Respiratory Tract Lec.2


Fig. Pulmonary emphysema. There is marked enlargement of the air spaces, with destruction of alveolar septa but without fibrosis. Note the presence of black anthracotic pigment.

Conditions Related to Emphysema

• Compensatory emphysema describes the dilation of residual alveoli in response to loss of lung substance elsewhere, such as occurs after surgical removal of a diseased lung or lobe.
• Obstructive overinflation refers to expansion of the lung due to air trapping.
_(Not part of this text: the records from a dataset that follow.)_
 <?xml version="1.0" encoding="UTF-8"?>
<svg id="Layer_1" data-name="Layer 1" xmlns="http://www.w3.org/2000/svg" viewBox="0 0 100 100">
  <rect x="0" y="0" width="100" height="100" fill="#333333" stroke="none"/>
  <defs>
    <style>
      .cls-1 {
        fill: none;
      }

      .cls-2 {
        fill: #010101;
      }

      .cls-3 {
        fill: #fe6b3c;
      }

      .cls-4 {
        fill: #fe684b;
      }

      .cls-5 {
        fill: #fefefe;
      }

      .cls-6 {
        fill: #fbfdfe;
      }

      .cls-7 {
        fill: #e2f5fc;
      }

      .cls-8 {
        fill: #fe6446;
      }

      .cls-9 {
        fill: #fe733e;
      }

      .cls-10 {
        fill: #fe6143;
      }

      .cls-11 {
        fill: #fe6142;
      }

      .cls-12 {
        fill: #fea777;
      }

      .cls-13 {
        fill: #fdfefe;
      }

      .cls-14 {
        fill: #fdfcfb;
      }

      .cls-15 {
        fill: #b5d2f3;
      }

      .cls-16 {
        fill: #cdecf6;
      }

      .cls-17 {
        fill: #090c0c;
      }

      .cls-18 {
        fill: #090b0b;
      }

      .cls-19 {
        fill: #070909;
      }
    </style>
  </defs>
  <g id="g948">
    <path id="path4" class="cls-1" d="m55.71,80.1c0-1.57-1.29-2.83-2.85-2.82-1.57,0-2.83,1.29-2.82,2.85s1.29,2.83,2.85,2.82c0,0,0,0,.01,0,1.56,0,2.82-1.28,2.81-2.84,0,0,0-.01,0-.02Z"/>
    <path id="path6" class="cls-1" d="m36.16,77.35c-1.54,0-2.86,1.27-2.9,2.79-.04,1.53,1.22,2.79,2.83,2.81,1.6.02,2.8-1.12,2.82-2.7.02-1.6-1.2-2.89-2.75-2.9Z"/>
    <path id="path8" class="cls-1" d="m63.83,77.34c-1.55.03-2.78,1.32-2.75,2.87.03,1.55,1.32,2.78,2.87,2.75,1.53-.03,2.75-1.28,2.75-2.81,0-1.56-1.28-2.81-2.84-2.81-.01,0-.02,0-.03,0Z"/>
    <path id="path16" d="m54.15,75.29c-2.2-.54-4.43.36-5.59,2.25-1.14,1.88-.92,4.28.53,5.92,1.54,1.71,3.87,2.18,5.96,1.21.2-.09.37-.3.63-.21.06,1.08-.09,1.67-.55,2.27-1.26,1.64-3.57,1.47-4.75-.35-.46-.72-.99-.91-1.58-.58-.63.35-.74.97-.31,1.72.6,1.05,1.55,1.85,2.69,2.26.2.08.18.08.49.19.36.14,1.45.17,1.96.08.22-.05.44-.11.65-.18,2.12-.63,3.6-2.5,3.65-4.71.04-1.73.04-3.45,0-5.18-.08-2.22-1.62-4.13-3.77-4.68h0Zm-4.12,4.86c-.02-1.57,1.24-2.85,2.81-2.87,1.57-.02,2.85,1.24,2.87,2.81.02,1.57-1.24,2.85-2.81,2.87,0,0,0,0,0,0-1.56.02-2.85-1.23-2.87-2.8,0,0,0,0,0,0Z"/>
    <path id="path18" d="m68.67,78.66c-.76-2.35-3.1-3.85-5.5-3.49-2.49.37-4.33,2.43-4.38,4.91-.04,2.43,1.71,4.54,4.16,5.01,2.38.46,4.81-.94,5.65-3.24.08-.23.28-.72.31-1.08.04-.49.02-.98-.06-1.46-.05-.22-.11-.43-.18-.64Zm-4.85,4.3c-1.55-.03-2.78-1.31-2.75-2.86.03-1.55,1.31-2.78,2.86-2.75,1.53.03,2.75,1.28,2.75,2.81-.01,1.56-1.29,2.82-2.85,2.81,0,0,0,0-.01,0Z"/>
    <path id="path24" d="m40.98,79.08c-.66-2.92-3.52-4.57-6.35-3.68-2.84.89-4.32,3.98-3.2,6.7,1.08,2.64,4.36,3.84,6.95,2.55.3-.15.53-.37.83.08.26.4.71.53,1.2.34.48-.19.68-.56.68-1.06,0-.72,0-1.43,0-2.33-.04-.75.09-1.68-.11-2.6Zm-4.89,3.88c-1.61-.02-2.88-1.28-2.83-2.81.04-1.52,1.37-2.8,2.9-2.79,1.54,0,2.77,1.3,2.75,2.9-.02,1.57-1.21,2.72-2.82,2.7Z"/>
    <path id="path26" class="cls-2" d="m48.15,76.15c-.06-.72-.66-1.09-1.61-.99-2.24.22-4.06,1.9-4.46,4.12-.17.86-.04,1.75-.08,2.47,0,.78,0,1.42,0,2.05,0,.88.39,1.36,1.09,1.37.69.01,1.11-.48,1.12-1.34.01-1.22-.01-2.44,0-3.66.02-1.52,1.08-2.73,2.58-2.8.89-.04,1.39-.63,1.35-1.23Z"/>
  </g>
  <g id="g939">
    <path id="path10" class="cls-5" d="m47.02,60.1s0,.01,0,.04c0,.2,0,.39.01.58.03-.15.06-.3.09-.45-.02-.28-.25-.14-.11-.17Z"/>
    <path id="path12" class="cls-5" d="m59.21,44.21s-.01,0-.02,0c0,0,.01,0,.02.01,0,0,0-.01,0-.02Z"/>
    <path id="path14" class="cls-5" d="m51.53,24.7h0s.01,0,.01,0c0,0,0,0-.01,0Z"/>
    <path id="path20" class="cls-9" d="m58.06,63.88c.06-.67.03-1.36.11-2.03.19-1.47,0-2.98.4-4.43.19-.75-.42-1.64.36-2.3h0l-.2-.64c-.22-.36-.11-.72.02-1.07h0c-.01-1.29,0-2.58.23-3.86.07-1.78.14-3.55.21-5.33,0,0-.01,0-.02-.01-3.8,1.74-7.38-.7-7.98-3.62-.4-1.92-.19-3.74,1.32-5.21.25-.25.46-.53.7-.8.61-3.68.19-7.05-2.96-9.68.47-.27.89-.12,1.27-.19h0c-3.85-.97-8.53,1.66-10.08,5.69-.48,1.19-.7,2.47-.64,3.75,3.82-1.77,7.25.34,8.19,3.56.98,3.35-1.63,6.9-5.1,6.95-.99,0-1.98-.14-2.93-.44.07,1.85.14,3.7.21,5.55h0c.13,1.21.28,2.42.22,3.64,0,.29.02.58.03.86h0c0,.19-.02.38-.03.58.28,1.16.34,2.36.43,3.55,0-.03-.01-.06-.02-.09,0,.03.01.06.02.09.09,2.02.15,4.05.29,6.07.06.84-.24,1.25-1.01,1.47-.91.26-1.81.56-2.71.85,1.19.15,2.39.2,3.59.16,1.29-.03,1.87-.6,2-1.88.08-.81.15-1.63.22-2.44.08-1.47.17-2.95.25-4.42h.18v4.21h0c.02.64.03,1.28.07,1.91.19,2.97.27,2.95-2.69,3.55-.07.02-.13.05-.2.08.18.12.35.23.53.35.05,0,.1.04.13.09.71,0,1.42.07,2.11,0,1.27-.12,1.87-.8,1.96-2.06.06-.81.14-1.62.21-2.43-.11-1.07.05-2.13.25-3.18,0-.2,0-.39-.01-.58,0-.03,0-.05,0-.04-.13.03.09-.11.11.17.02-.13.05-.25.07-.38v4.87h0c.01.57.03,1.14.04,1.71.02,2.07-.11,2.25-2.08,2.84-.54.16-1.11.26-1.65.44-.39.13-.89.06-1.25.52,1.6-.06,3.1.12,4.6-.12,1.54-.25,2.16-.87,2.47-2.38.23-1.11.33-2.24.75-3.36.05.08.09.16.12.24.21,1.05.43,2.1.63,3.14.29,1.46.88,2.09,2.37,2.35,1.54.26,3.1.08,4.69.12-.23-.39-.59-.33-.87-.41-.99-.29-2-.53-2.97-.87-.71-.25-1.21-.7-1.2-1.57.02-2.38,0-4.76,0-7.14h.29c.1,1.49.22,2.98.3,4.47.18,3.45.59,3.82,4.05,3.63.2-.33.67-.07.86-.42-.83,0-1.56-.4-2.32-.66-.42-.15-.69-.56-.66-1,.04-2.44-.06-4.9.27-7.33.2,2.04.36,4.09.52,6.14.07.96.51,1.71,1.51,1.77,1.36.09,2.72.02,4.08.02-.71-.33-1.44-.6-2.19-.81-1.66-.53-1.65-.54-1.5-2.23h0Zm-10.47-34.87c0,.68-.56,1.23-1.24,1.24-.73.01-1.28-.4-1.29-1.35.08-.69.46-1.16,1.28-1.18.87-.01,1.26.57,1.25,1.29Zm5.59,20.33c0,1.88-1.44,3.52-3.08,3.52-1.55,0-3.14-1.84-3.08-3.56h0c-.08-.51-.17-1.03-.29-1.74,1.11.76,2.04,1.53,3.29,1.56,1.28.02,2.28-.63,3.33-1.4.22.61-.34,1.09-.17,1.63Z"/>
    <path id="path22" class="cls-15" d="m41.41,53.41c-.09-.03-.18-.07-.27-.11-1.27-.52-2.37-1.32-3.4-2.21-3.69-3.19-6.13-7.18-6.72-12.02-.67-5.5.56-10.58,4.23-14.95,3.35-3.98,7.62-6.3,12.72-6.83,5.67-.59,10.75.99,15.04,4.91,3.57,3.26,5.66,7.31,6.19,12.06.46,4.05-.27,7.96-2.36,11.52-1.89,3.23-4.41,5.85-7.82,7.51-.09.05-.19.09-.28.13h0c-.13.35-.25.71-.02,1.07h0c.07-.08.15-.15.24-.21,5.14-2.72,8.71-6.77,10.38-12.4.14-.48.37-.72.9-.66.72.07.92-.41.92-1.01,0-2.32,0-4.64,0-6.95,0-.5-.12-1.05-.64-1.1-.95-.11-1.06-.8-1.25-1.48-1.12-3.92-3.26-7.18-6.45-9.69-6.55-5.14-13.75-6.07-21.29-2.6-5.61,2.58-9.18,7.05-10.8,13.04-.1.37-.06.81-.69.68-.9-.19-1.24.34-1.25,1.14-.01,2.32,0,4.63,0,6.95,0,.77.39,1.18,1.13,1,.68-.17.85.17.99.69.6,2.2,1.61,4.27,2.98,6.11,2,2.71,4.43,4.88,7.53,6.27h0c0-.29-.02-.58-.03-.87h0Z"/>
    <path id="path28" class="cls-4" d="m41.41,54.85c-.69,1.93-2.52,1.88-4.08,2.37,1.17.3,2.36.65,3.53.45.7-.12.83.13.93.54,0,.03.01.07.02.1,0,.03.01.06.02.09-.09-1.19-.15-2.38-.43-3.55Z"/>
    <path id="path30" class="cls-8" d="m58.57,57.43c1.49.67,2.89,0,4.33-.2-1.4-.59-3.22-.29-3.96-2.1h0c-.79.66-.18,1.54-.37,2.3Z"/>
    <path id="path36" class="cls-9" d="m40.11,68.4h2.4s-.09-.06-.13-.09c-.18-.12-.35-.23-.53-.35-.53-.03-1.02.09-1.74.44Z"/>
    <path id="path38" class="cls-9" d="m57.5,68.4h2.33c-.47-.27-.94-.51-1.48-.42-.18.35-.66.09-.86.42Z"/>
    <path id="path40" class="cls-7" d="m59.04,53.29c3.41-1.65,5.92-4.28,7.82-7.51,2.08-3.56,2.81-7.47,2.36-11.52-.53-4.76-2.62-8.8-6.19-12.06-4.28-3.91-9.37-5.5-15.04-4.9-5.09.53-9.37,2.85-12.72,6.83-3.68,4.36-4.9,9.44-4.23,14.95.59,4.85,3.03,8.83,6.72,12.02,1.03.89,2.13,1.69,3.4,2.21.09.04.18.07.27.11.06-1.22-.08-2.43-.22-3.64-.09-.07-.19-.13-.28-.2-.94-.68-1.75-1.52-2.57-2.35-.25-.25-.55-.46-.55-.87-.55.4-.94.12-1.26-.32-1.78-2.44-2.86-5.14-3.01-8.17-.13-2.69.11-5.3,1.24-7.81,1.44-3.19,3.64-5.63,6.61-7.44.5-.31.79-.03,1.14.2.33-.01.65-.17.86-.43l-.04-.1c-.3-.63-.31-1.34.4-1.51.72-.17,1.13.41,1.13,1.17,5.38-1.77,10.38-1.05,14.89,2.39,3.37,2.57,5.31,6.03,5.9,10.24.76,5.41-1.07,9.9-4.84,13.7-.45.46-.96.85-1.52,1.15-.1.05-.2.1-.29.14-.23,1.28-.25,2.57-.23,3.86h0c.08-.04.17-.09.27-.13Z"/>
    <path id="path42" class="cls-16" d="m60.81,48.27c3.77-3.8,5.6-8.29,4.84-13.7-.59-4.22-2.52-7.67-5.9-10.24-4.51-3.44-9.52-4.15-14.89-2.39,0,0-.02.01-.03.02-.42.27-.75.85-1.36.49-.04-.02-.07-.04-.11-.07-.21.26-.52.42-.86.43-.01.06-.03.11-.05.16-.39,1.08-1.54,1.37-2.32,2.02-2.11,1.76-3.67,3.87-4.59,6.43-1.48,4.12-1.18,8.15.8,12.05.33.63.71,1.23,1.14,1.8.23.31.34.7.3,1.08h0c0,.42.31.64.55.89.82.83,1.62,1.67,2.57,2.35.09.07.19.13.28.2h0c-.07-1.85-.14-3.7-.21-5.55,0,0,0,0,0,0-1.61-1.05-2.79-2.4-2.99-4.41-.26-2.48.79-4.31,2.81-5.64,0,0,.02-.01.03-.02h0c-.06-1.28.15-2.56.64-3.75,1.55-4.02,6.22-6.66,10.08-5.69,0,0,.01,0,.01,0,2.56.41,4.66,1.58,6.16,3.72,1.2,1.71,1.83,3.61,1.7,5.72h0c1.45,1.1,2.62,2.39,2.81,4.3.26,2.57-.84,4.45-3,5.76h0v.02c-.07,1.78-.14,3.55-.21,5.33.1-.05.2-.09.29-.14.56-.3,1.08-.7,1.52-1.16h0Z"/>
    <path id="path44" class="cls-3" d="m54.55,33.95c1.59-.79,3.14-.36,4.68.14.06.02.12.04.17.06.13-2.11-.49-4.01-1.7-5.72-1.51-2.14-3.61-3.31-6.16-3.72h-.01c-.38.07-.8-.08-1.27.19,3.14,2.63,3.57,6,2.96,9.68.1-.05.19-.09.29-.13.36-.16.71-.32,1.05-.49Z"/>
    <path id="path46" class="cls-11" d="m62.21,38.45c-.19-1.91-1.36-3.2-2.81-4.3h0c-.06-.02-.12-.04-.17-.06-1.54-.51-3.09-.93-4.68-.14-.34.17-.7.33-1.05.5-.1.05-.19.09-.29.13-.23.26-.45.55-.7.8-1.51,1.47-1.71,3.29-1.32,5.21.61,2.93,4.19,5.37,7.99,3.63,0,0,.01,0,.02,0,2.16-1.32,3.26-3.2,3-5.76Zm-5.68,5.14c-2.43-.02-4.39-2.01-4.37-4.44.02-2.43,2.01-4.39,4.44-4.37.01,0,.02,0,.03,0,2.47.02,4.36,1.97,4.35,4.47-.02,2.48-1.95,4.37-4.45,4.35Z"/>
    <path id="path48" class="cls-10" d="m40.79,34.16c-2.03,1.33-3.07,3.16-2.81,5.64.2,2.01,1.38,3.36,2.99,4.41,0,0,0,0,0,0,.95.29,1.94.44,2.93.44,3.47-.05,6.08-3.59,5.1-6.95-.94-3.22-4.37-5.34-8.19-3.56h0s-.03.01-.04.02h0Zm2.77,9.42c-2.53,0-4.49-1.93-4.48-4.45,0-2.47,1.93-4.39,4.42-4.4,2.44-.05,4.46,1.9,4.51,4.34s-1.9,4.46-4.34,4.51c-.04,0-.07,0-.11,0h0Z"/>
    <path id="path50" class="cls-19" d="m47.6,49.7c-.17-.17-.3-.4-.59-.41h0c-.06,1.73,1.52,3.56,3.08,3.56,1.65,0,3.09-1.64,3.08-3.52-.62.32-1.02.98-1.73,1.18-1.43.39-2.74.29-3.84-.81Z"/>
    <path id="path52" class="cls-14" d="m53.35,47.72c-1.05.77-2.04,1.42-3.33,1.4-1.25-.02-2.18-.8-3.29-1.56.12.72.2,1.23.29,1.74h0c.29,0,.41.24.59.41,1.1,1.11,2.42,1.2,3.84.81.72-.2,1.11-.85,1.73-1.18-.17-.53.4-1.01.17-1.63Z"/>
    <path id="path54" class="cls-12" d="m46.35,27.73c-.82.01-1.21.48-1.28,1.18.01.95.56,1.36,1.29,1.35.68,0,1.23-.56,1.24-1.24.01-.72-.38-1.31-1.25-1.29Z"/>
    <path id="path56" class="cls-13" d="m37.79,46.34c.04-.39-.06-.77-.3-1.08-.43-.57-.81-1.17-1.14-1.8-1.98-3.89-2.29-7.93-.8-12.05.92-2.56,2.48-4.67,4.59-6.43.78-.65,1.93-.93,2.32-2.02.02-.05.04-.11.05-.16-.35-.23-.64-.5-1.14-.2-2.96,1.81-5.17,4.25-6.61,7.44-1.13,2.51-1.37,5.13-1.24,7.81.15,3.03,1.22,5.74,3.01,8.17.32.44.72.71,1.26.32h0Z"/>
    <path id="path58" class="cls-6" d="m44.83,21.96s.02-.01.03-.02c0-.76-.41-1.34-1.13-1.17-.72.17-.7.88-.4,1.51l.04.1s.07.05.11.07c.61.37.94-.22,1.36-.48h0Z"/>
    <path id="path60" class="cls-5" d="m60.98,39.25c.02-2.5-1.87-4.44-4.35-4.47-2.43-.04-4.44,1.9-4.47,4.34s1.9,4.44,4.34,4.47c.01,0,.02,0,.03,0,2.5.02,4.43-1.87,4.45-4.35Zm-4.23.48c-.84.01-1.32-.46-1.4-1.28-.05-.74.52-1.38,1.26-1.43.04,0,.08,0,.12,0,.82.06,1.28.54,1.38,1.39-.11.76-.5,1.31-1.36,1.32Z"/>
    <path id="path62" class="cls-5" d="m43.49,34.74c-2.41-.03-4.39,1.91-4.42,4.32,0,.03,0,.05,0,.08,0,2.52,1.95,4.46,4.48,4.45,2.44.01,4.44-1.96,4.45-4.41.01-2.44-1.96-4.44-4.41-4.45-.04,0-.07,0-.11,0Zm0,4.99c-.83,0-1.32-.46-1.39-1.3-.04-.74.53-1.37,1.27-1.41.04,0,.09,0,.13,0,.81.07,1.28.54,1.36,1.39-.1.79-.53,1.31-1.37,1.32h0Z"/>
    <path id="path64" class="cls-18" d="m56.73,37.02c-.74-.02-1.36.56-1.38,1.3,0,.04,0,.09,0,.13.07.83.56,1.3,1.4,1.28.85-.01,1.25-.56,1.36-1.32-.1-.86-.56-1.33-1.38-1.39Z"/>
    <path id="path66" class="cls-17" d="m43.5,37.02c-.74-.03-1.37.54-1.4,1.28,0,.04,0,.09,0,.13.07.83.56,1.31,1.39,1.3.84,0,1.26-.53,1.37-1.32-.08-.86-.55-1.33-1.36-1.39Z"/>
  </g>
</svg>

A common cause is subtotal obstruction of an airway by a tumor or foreign object.
• Bullous emphysema refers to any form of emphysema that produces large subpleural blebs or bullae (spaces >1 cm in diameter in the distended state) most often the blebs are subpleural, and on occasion they may rupture, leading to pneumothorax.
• Mediastinal (interstitial) emphysema is caused by entry of air into the interstitium of the lung, from where it may track to the mediastinum and sometimes the subcutaneous tissue. When the interstitial air gets into the subcutaneous tissue, the patient may literally blow up like a balloon, with marked swelling of the head and neck and crackling crepitation over the chest (subcutaneous emphysema). In most instances the air is resorbed spontaneously after the site of entry seals.
Causes:
Vomiting, violent coughing, whooping cough, and perforating injury (e.g., a fractured rib).


Respiratory Tract Lec.2

Fig. Bullous emphysema with large apical and subpleural bullae.